### Activity
Transcribe each record exactly. Omit the pictures.

[[ Supplied material open ]]

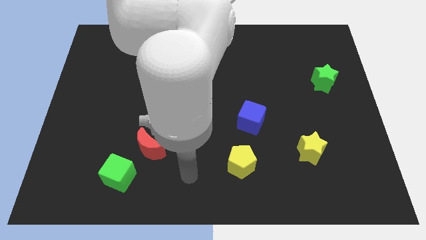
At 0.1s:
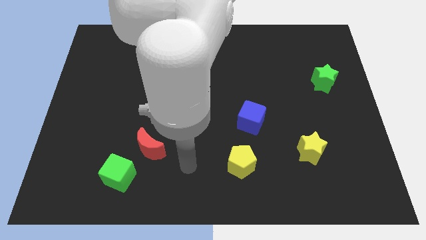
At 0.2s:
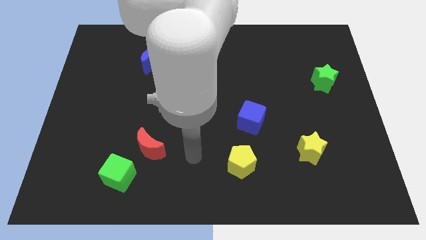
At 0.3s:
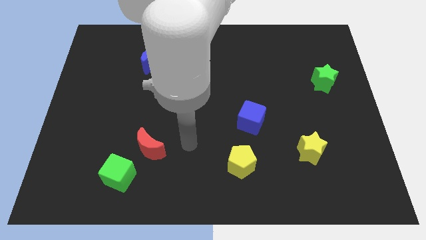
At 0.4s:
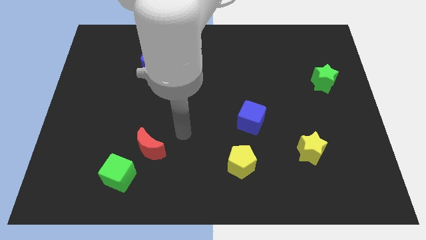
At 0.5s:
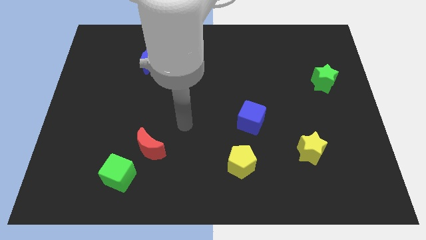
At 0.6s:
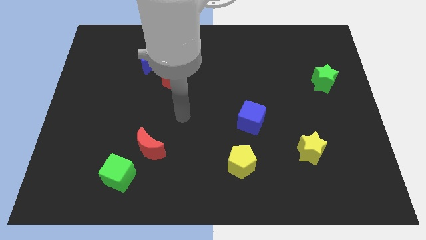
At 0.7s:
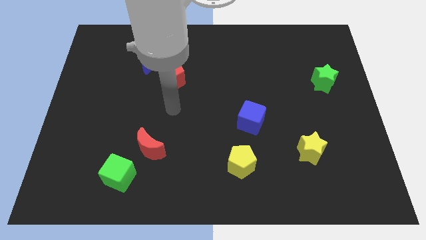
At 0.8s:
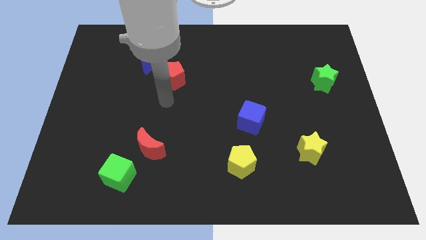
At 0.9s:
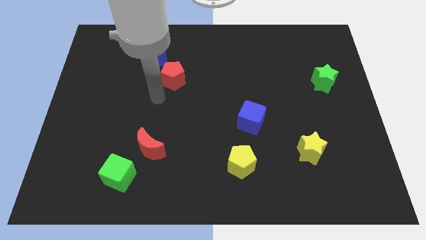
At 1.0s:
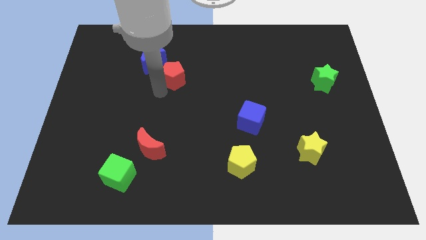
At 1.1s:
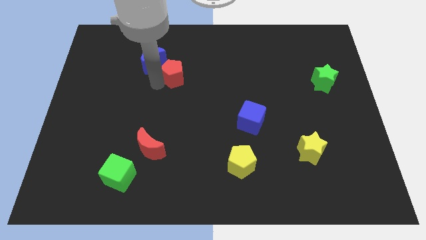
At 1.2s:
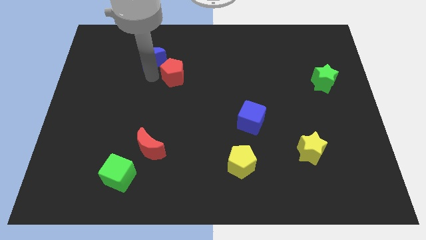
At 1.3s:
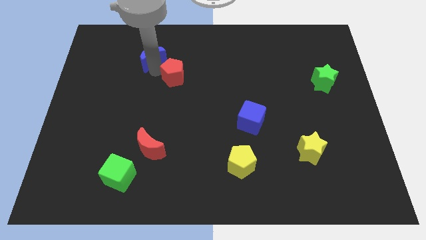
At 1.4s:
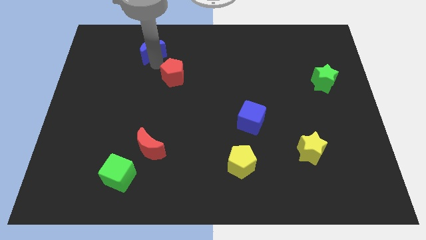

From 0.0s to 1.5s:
pull the red pentagon apart from the blue moon

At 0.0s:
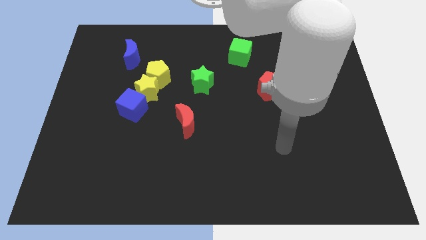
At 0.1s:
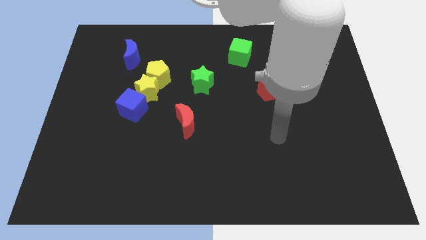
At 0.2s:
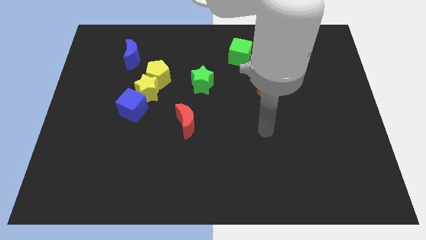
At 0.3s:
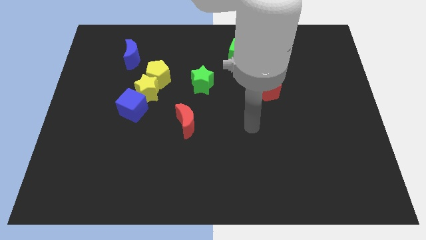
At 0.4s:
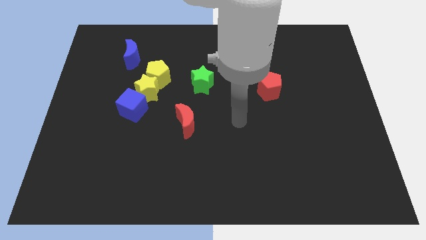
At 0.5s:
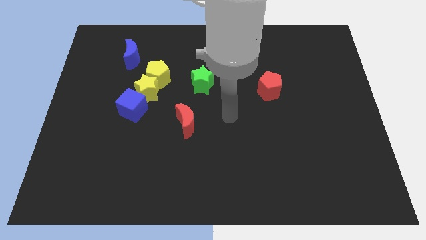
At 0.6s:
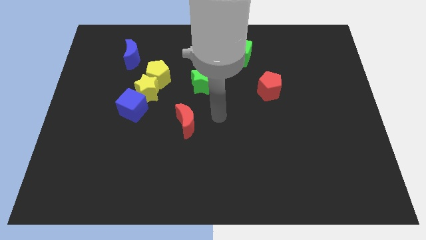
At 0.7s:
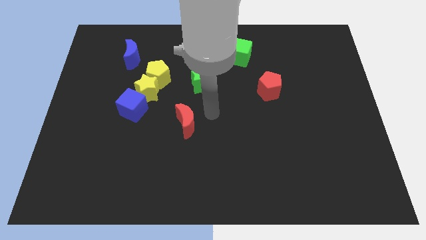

[[ Supplied material closed ]]

### Worked solution
At 0.1s:
At 0.2s:
At 0.3s:
At 0.4s:
At 0.5s:
At 0.6s:
At 0.7s:
At 0.8s:
At 0.9s:
At 1.0s:
At 1.1s:
At 1.2s:
At 1.3s:
At 1.4s:

From 0.0s to 1.5s:
pull the red pentagon apart from the blue moon

At 0.0s:
At 0.1s:
At 0.2s:
At 0.3s:
At 0.4s:
At 0.5s:
At 0.6s:
At 0.7s:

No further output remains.